ATLANTA (October 24, 2023) The CMT Research Foundation, a non-profit focused solely on delivering treatments and cures for Charcot-Marie-Tooth disease (CMT)*, has invested in a project at Armatus Bio that will advance a novel miRNA gene therapy candidate for CMT type 1A designed to reduce PMP22 overexpression in Schwann cells, a known genetic driver of the disease. The treatment would be delivered via a single intrathecal injection, with the objective of achieving clinically meaningful functional improvements, enabling patients to retain activities of daily living. If successful, Armatus aims to initiate clinical trials of ARM-101 in early 2025.

“Armatus Bio is advancing a gene therapy candidate that has shown promising results in early in vitro and animal model studies,” says Cleary Simpson, CEO of CMTRF. “In order to progress into human clinical trials, it is important to demonstrate that the therapy can reach specific targets in animal models more closely related to humans. Foundational studies like these enable promising scientific concepts to move into human testing with increased confidence in safety and efficacy for a population in need.”

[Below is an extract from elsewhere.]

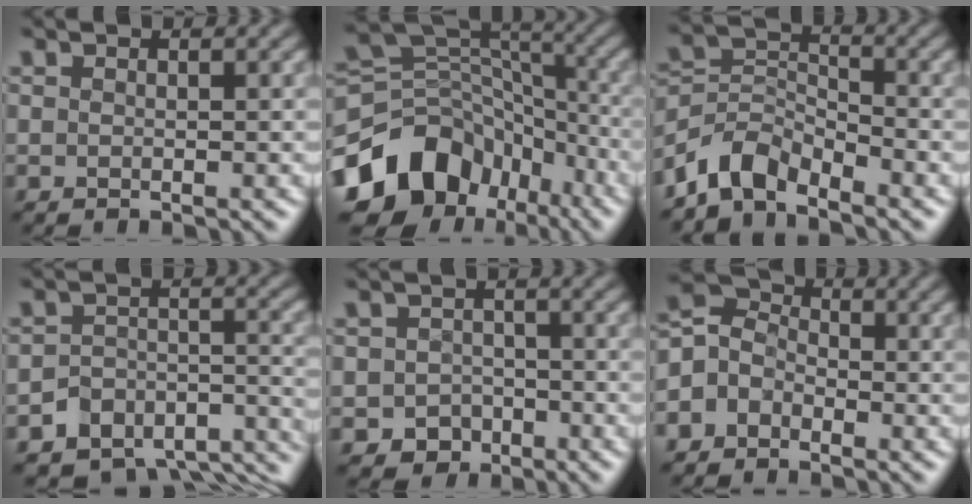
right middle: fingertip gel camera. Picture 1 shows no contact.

“We are conducting a study of the ARM-101 biodistribution to confirm the Schwann cell targeting success seen in mice and verify appropriate human doses in a model that more closely correlates to human biology,” says Rachel Salzman, DVM, Chief Executive Officer of Armatus Bio. “These foundational data are not only critical to advancing ARM-101 development, but also provide crucial information about the ability of precision therapies to target appropriate tissues implicated in neuropathies.”

Armatus Bio, based in Columbus Ohio, is an emerging biotechnology company applying the rigor of advanced bioengineering to the complex challenge of genetic medicine. Through dynamic collaborations with renowned gene therapy experts in Ohio, the company is building a pipeline of novel therapeutic candidates designed to overcome the limitations of today’s approaches and propel the next generation of genetic medicines.

CMT Research Foundation (CMTRF) is a patient-led, non-profit focused on delivering treatments and cures for CMT. The foundation identifies significant obstacles or deficiencies impeding progress towards a cure and seeks out collaborators to address these issues. To date, CMTRF has funded 19 projects, of which 6 are completed. Of those 6 completed projects, 5 have clinical candidates. CMTRF’s mission to invest in promising science with high potential of leading to treatments and cures was proven effective and ground-breaking when DTx Pharma with a CMTRF- backed program as its lead candidate was acquired by Novartis for $1 billion. Founded by two patients who are driven to expedite drug delivery to people who live with CMT, the 501(c)(3) federal tax-exempt organization is supported by personal and corporate financial gifts.

*Charcot-Marie-Tooth encompasses a group of inherited, chronic peripheral neuropathies that result in nerve degradation. CMT patients suffer from progressive muscle atrophy of legs and arms, causing walking, running and balance problems as well as abnormal functioning of hands and feet. CMT affects one in 2,500 people (about the same prevalence as cystic fibrosis), including 150,000 Americans and nearly 3 million people worldwide. At the moment, there is no treatment or cure for CMT.